I was going through Measure theory book by Dorogovtsev and found this:
Let $p_k, k \geq 1$ be such numbers that $$ \sup_{0<s<1} \sum_{k=1}^\infty \frac{\sin^2(ks)}{s^2} p_k < +\infty $$ Proof that $$ \sum_{k=1}^\infty k^2 p_k < +\infty $$
Do you know any other (than the one I'm submitting) approach to proof this?
proof:
Let $(N_+, \lambda({k}):=p_k)$ be a measure space (equipped with natural sigma-algebra of course).

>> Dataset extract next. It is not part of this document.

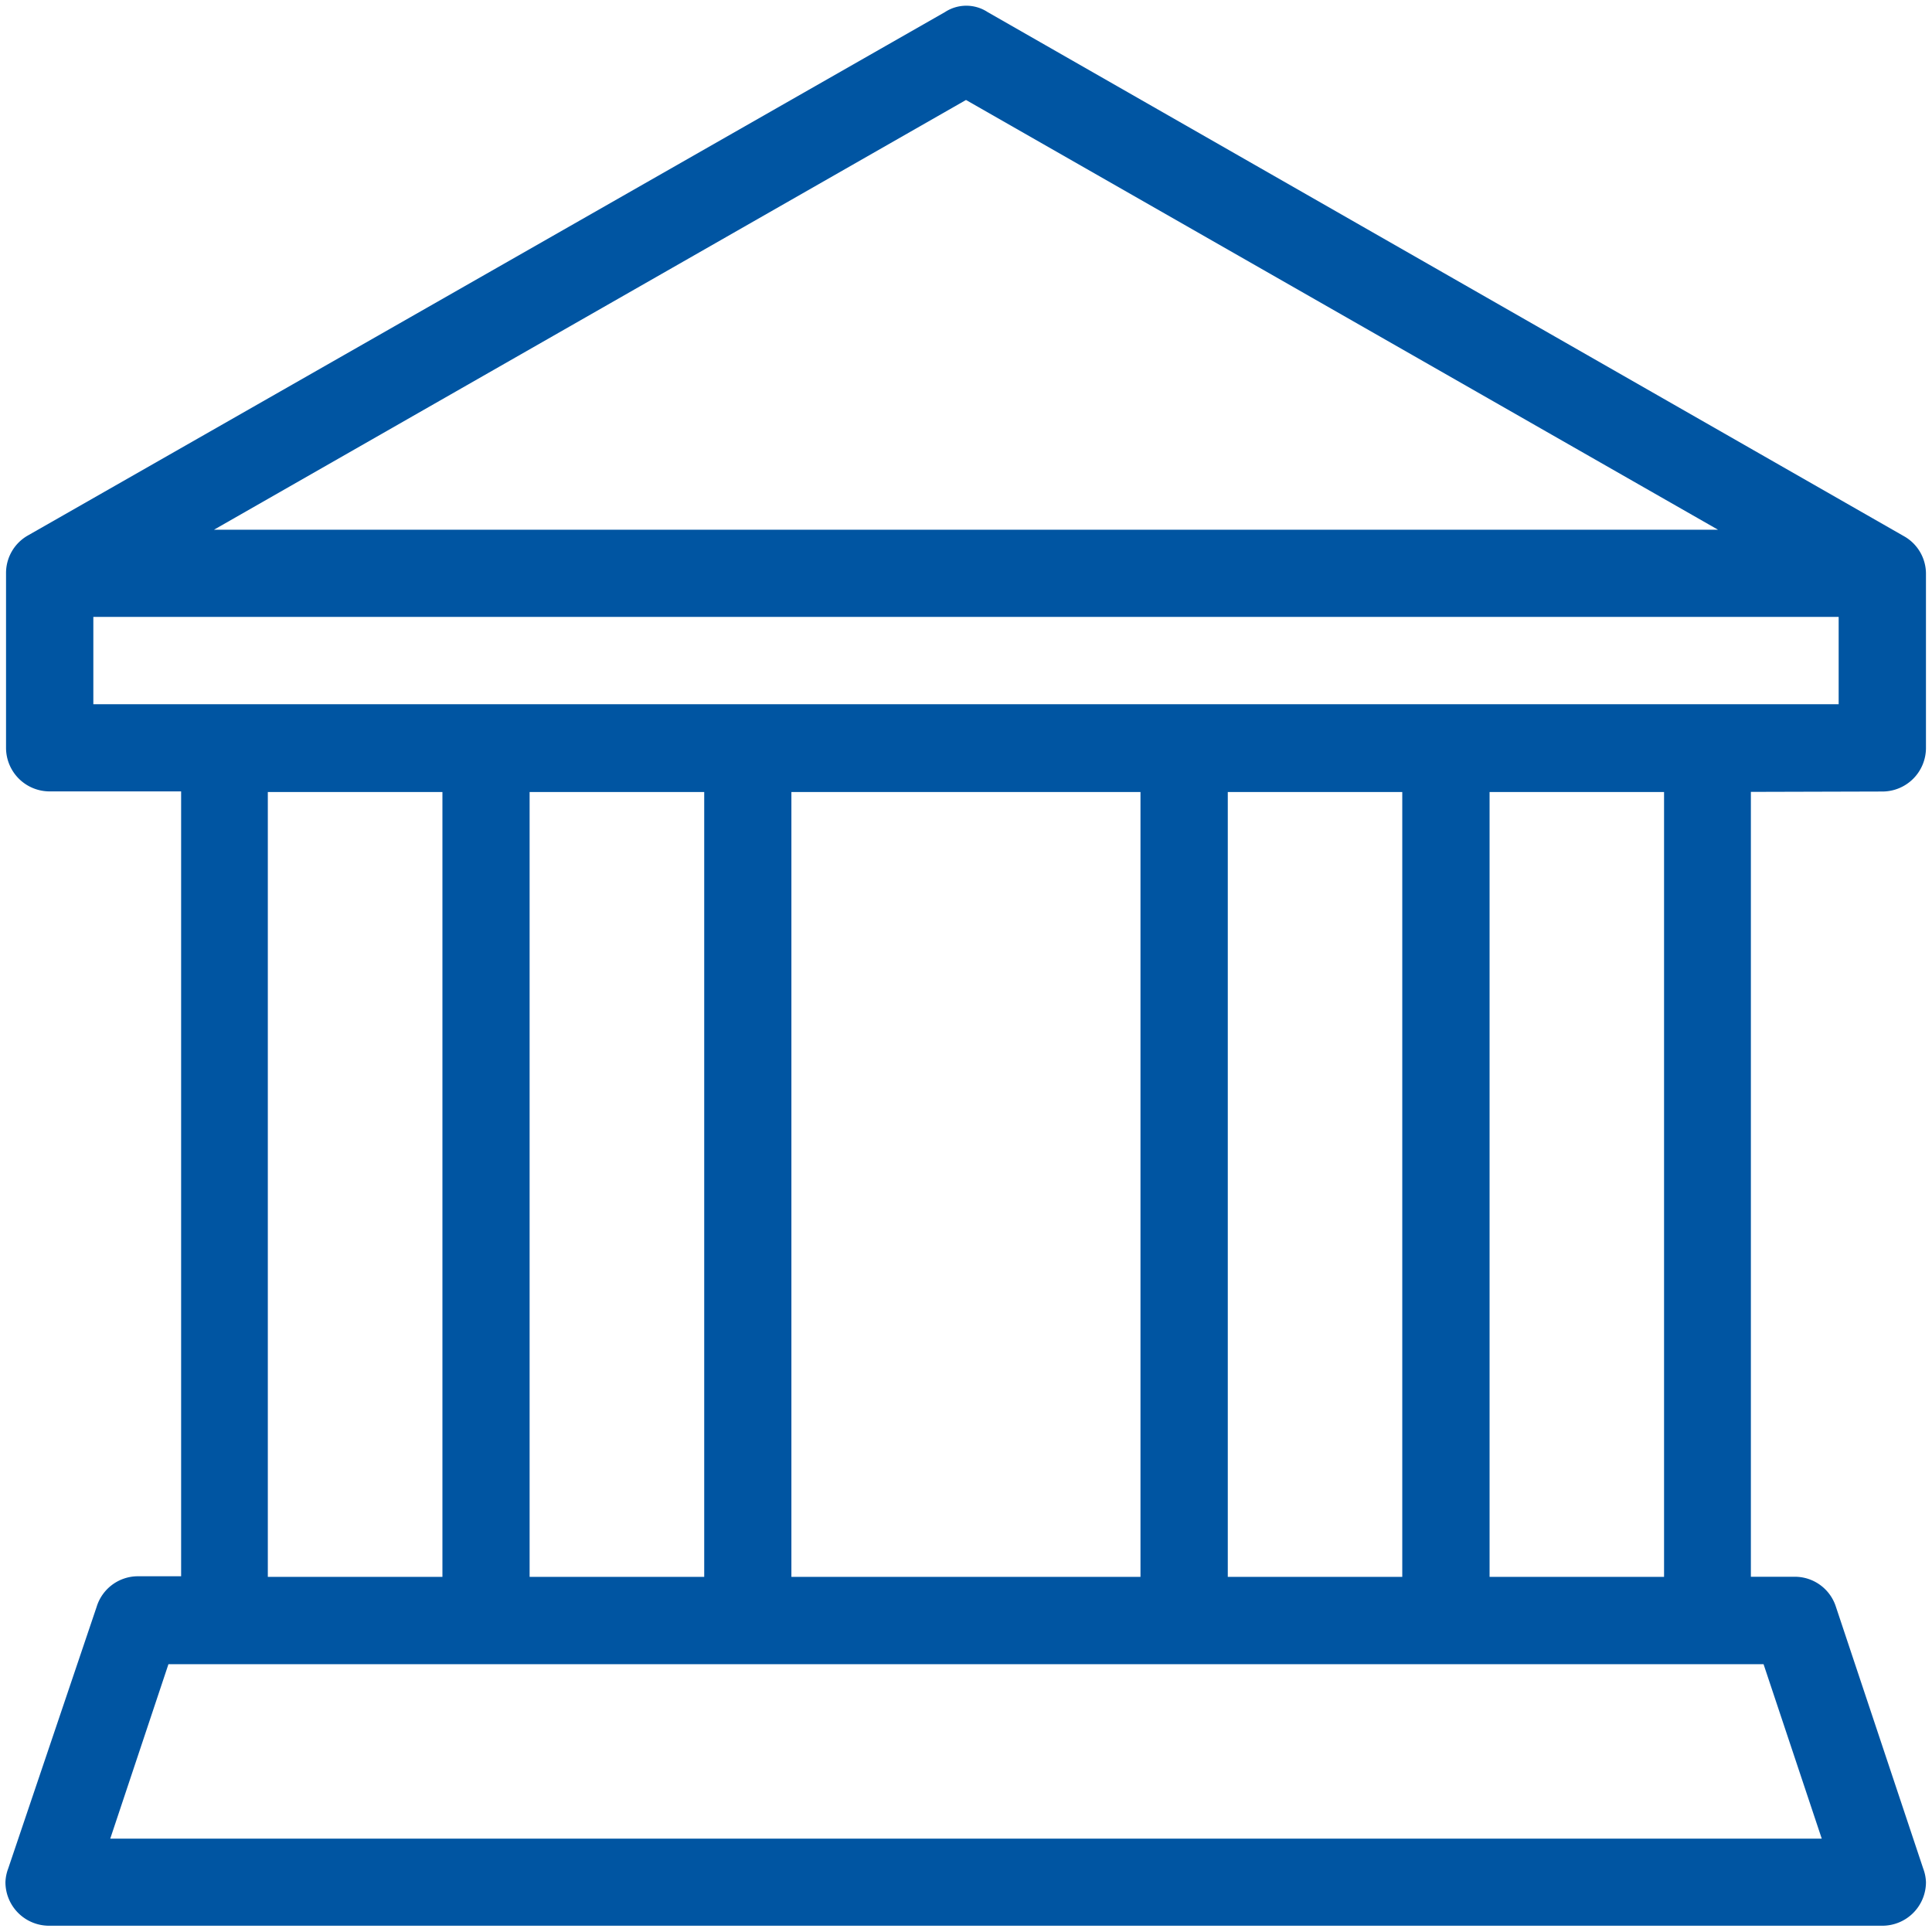 <?xml version="1.0" encoding="utf-8"?><svg xmlns="http://www.w3.org/2000/svg" width="160" height="160" viewBox="0 0 160 160"><path d="M155.89 65.55a3.61 3.61 0 0 0 3.61-3.61V47.48a3.57 3.57 0 0 0-1.85-3.09L81.79 1a3.22 3.22 0 0 0-3.53 0L2.32 44.34A3.57 3.57 0 0 0 .5 47.48v14.45a3.61 3.61 0 0 0 3.61 3.61H15v65h-3.66A3.58 3.58 0 0 0 8 133.08L.68 154.74a3.55 3.55 0 0 0-.23 1.13 3.61 3.61 0 0 0 3.61 3.61h151.83a3.61 3.61 0 0 0 3.61-3.61 3.55 3.55 0 0 0-.23-1.13l-7.23-21.68a3.57 3.57 0 0 0-3.38-2.48H145v-65zM80 8.28l62.28 35.59H17.72zm66.05 129.54l4.82 14.45H9.13l4.82-14.45zm-123.87-7.23v-65h14.46v65zm21.68 0v-65h14.46v65zm21.68 0v-65h28.91v65zm36.14 0v-65h14.45v65zm21.68 0v-65h14.45v65zM7.73 58.32v-7.23h144.54v7.23z" fill="#0055a2" data-name="Old Building@2x.png"/></svg>

Also we have: $$\lim_{s\to 0} \frac{\sin^2(ks)}{s^2} = k^2$$ Now applying Fatou's lemma ($ \int_X \lim \inf f_k d \lambda \leq \lim \sup \int_X f_k d\lambda $) $$ \int_{N_+} k^2 d\lambda = \int_{N_+} \lim_{s\to 0} \frac{\sin^2(ks)}{s^2} d\lambda = \int_{N_+} \lim_{s_0 \to 0} \inf_{s \leq s_0} \frac{\sin^2(ks)}{s^2} d\lambda \leq \lim_{s_0 \to 0} \sup_{s \leq s_0} \int_{N_+} \frac{\sin^2(ks)}{s^2} d\lambda < \infty $$
Since $(N_+,\lambda(k):=p_k)$ is a measure space, I will assume that $p_k\ge0$. Then, for any $n$, $$ \begin{align} \sum_{k=1}^nk^2p_k &=\lim_{s\to0}\sum_{k=1}^n\frac{\sin^2(ks)}{s^2}\,p_k\\ &\le\limsup_{s\to0}\sum_{k=1}^\infty\frac{\sin^2(ks)}{s^2}\,p_k\\ &\le\sup_{0\lt s\lt1}\sum_{k=1}^\infty\frac{\sin^2(ks)}{s^2}\,p_k\\[9pt] &=L\lt\infty \end{align} $$ Therefore, the the sequence of partial sums is increasing and bounded above. Thus, $$ \sum_{k=1}^\infty k^2p_k\le L $$